If we say we are in a war against Muslims, then the enemy arrayed against us numbers in the billions. If we are at war against terrorists, then we have reduced the numbers to thousands and have allied ourselves with Muslims as sick of senseless killing as we are.
Russ Marlett
Wimberley


Not all Islamic groups teach hatred of others
Brother H.K. Rahlfs and those who agree with his blanket condemnation of Muslims need to explore and learn (“Bringing troops home won’t solve problems,” Aug. 11). Read Irshad Manji’s The Trouble With Islam, or check her Web site.
Within the Muslim religion there is a group called the Wahhabi. This group runs the schools in Saudi Arabia and many of the madressas in the United States, Europe and across the world.
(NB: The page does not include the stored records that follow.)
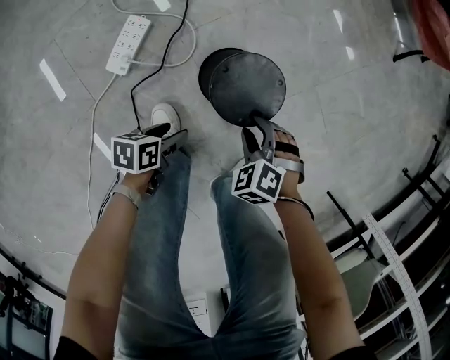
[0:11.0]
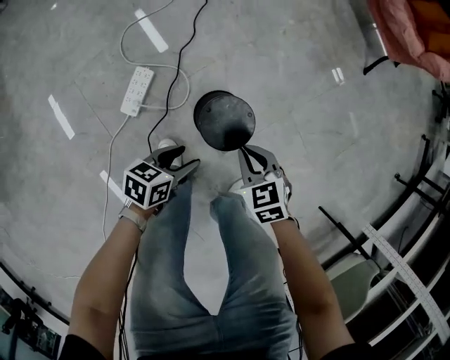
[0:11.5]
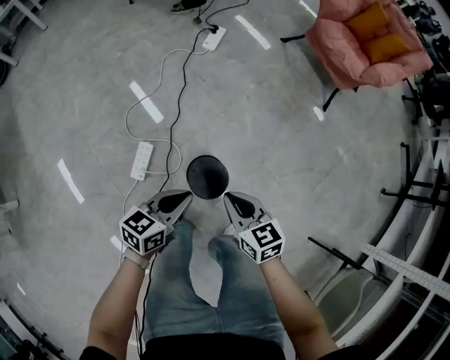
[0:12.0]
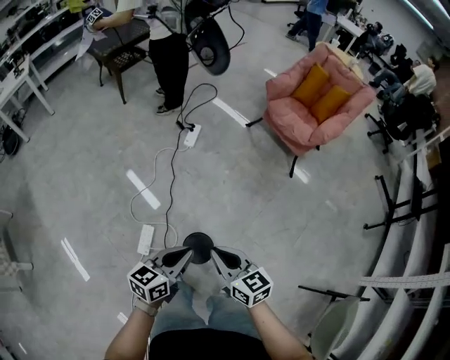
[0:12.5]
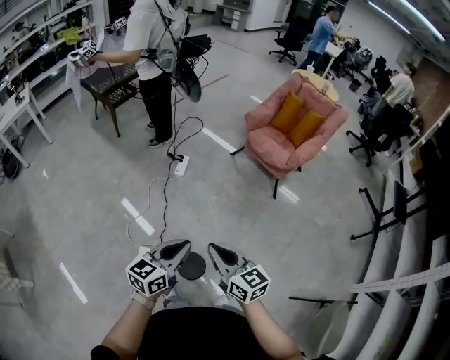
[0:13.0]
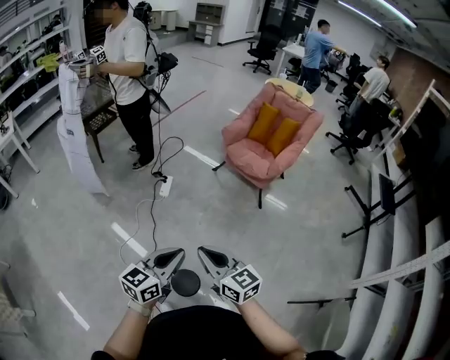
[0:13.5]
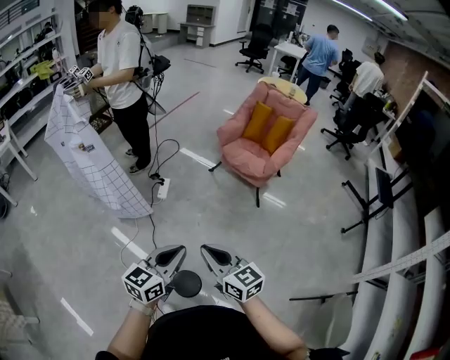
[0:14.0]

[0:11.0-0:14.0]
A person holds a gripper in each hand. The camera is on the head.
0:11.0 to 0:12.5: The grippers both shift upward by approximately 60 cm. The right gripper tips its fingers upward by roughly 50 degrees, and closes up. Meanwhile the left gripper tips its fingers upward by some 30 degrees, and closes its fingers.
0:12.5 to 0:14.0: Both grippers move upward, roughly 20 cm.
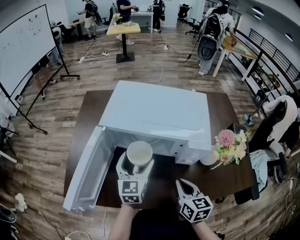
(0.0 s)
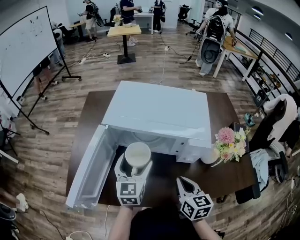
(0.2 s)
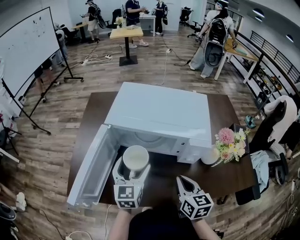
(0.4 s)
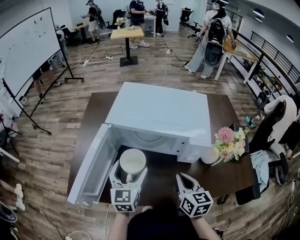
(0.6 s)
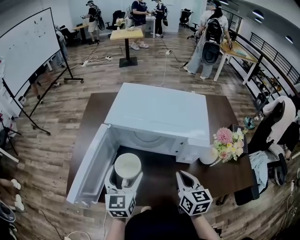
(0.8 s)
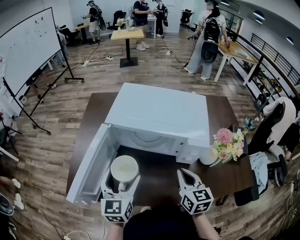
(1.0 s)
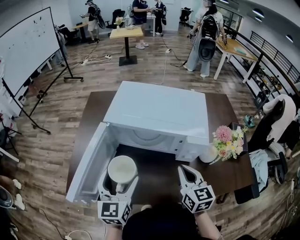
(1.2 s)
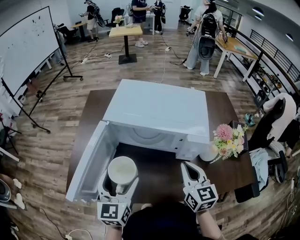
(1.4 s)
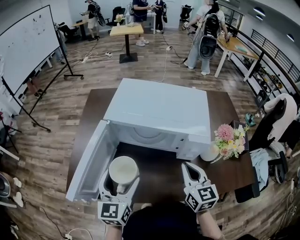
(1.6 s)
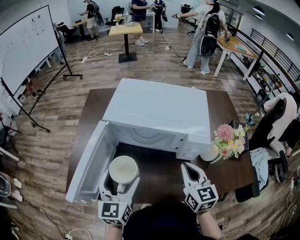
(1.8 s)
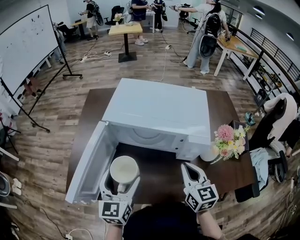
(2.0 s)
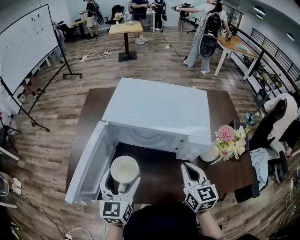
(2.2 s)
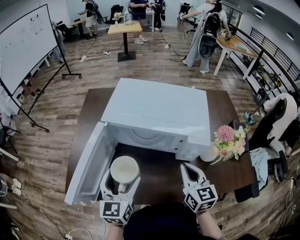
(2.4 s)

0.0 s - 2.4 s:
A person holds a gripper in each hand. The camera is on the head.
0.0 s - 1.2 s: The right gripper is displaced upward by about 5 cm; the left gripper heads backward, to the left and upward, covering roughly 15 cm.
1.2 s - 2.4 s: The grippers make only small movements.

The Wahhabi teach hatred of Jews, using propaganda lies Adolf Hitler used to inflame Germans, but Wahhabi teach those lies as facts. Wahhabi teach hatred of Christians, of America and of Shia Muslims.
The history of Wahhabi in The Two Faces of Islam by Stephen Schwartz is an interesting and troubling read. Wahhabism is funded by the Saudi royal family with our millions paid to them for oil.
If we stop importing oil from them, we cut the funds for those madressas’ teachings.